I love the title of this thread. 
Happy NGD dude!


----------



## animalwithin (Aug 18, 2012)

HNGD man! Don't listen to the downers, makes a great "custom" guitar in the sense that you can now modify it however you want. If you do sand it and change the pickups, pics of how it turns out!!


----------



## 7stringDemon (Aug 18, 2012)

Bust out the sand paper dude! Hell, if you really want to get into it, you can even put on a nicer top. I think that thing has a lot of potential!

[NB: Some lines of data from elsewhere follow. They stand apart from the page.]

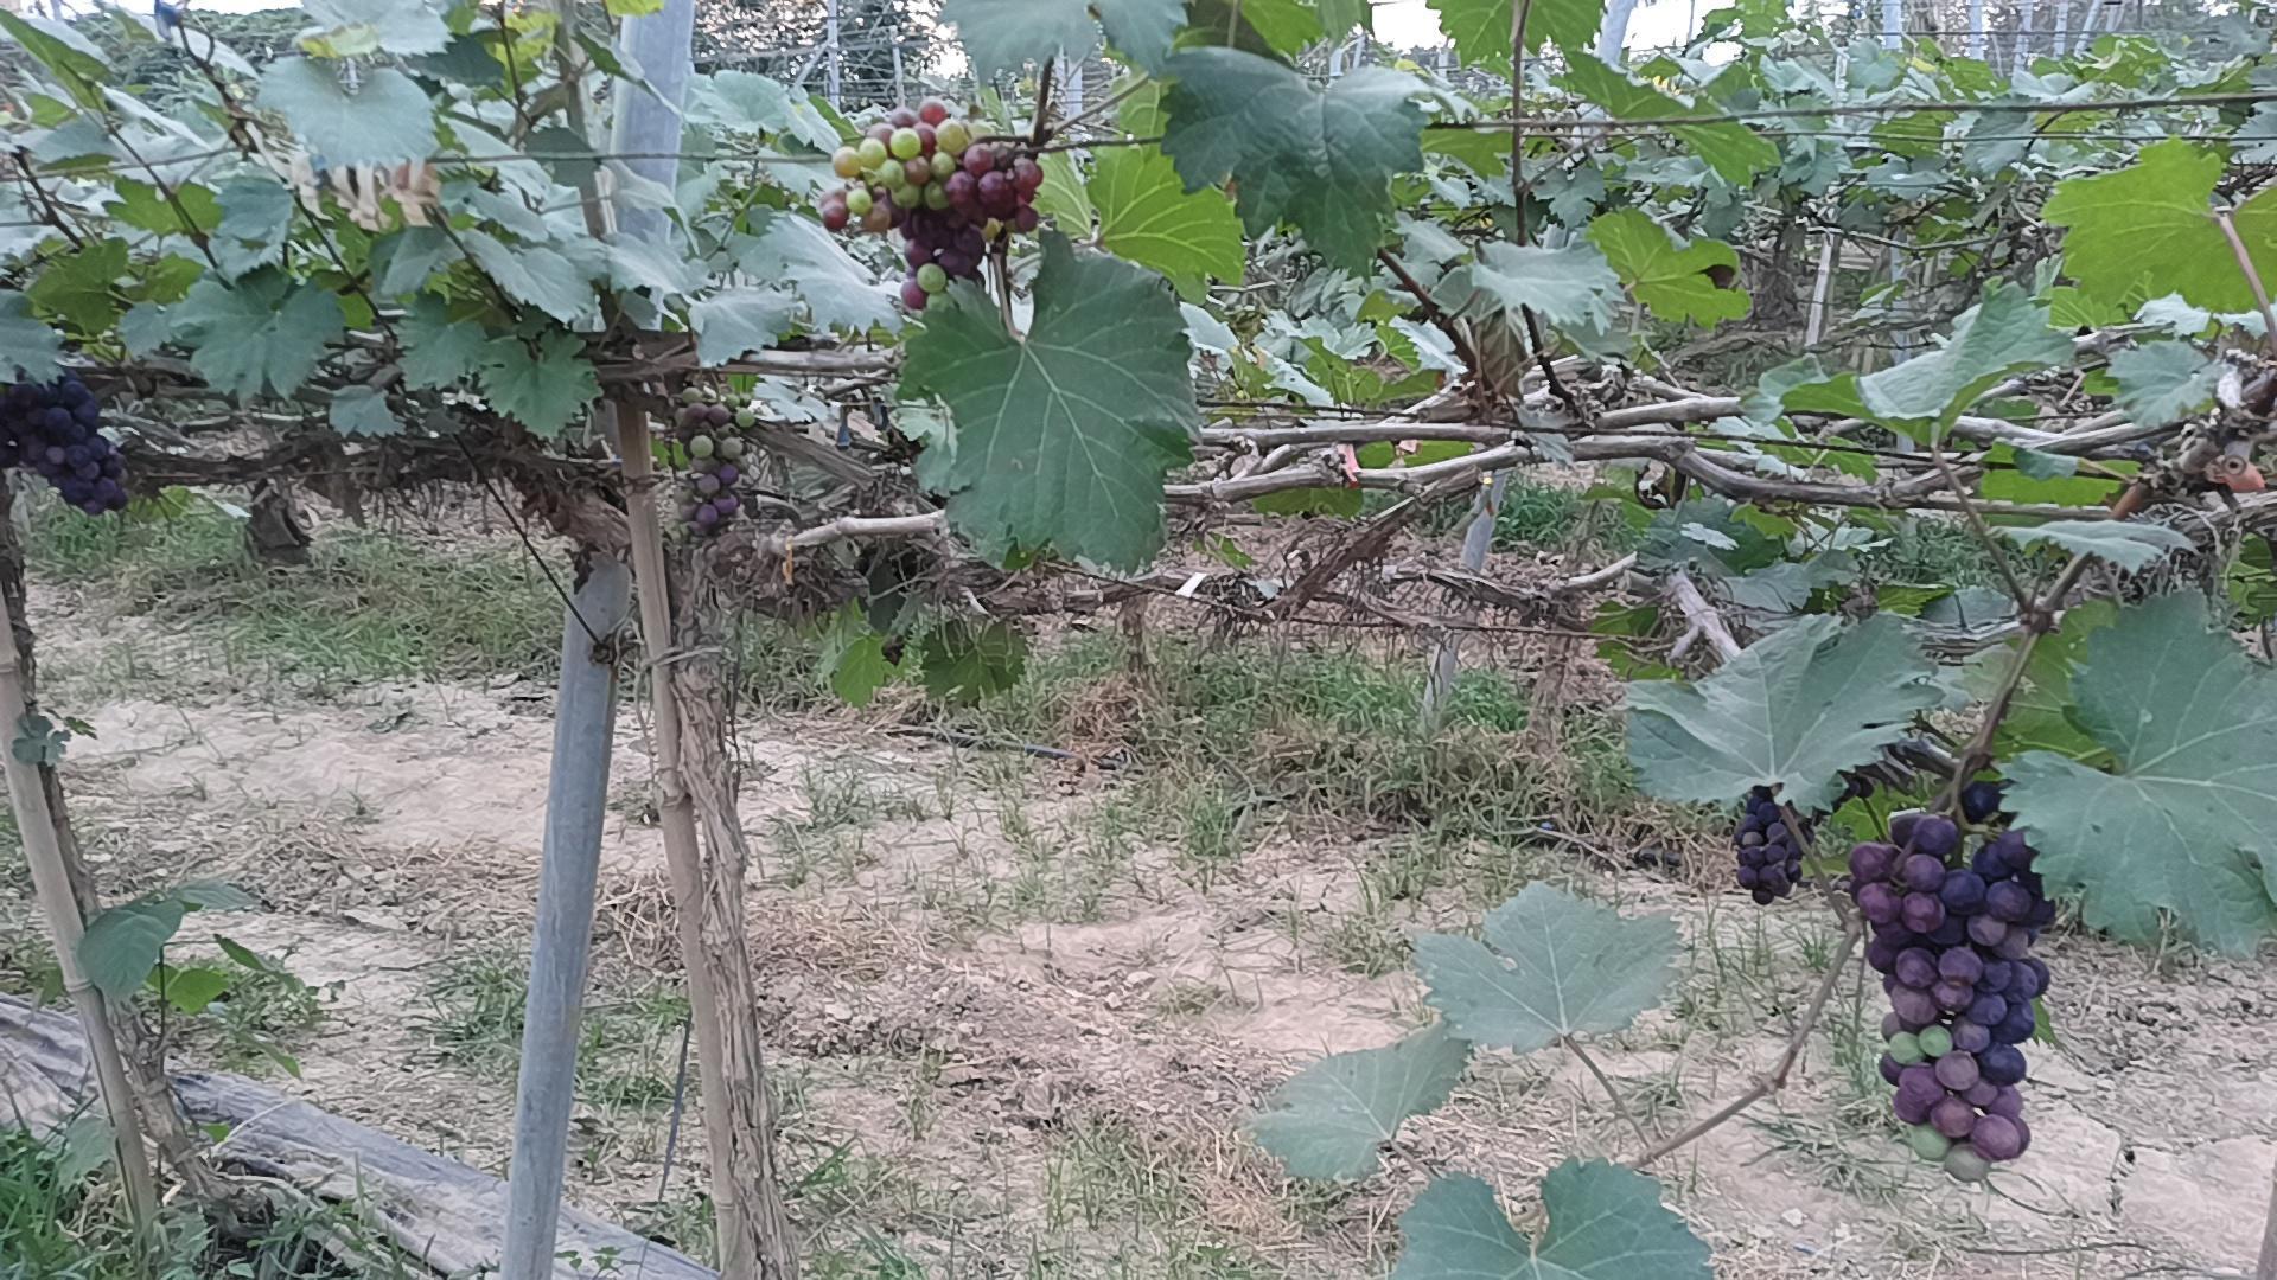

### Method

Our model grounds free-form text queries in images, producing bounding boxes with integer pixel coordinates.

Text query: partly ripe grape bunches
[1850,811,2054,1177]
[674,388,745,537]
[818,101,1042,311]
[1733,786,1812,904]
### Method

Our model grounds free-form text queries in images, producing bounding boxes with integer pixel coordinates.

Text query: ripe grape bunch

I will give you some advise for the future though. If you thjink it's probably too good to be true, it probably is. ALWAYS do your homework before buying anything.


----------



## Al NiCotin (Aug 18, 2012)

The dude who sold you this guitar, between layers of lies, deserves to be oiled and impaled on a Devries... another obscur luthier 

Anyway it looks nice. Happy new guitar day


----------



## squid-boy (Aug 18, 2012)

-42- said:


> Hoping you didn't spend too much on that, dude.



What he said.^


----------



## noUser01 (Aug 19, 2012)

Honestly who cares, if the guitar is good for the price then what's the issue? Honestly dude if you like it I might buy one myself, the only worry being quality control (LOL). Looks cool, plays okay, would be good for modifying, I don't really see a downside as long as everyone is aware of the facts when purchasing. =/


----------



## MaxOfMetal (Aug 19, 2012)

Who sold you this? You mentioned it was someone who works as a dealer.


----------